Start of DATA SECTION

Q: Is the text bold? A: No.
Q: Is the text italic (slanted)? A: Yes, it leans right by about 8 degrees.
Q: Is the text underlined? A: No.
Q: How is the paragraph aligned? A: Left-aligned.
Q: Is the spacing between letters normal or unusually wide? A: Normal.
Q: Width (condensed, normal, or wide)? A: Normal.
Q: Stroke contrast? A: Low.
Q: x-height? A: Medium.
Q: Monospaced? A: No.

End of DATA SECTION

DIRECTIONS ▸
Copy all lines from the listing that contain "wide".

EXERCISE OUTPUT ▸
Q: Is the spacing between letters normal or unusually wide? A: Normal.
Q: Width (condensed, normal, or wide)? A: Normal.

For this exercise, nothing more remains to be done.